Callie was on a roll and wouldn’t be stopped.
“I’ll pick out a ring, I’ll shine your shoes and clean your stables. Heck, I’ll even fly down there and tell her how wonderful you are—when you’re not being a pain in the gluteus maximus.”
“You would too.”
“You’re darned tootin’.”
They didn’t have Mississippi grandparents for nothing. When they were youngsters they used to follow Silas McGill around the house imitating him. Darned tootin’ hadn’t caused much of a stir when they tried out their new vocabulary back home, but some of the things they’d learned from Silas had gotten them into more hot water than they cared to remember.
“I still miss him,” Bolton said. “Don’t you?”
“Yes. But I’m glad he went when he did and the way he did. Dying in his own backyard of a quick heart attack is a far better alternative than wasting slowly in a nursing home. Advanced Alzheimer’s is devastating for the family.”
Callie started straightening the stack of photographs.
“Hey, we’d better leave before Dad sends out a search party.”
“You go ahead,” Bolton said. “There’s something I have to do.”
Callie narrowed her eyes at him. “You’re not just making up excuses, are you?”
“No. I’ll be there in time for dinner.
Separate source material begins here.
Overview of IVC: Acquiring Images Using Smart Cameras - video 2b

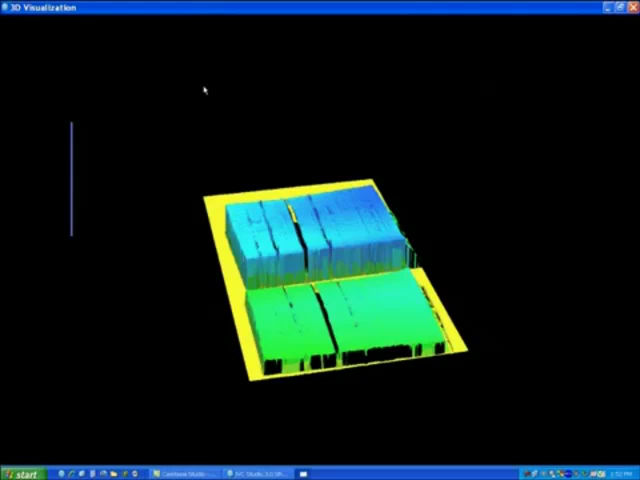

I promise.”
“Would this mystery chore have anything to do with Virginia Haven?”
Bolton took her arm and escorted her toward the door.
“‘Bye, Callie.”
“That’s not a very polite way to treat a lady.”
“Since when did you become a lady?”
“Bolton Gray Wolf, I take back every nice thing I said about you. Furthermore, I might just call a certain woman in Mississippi and tell her how you hog all the popcorn at movies.”
“You’re all heart, Callie. I knew I could count on you.”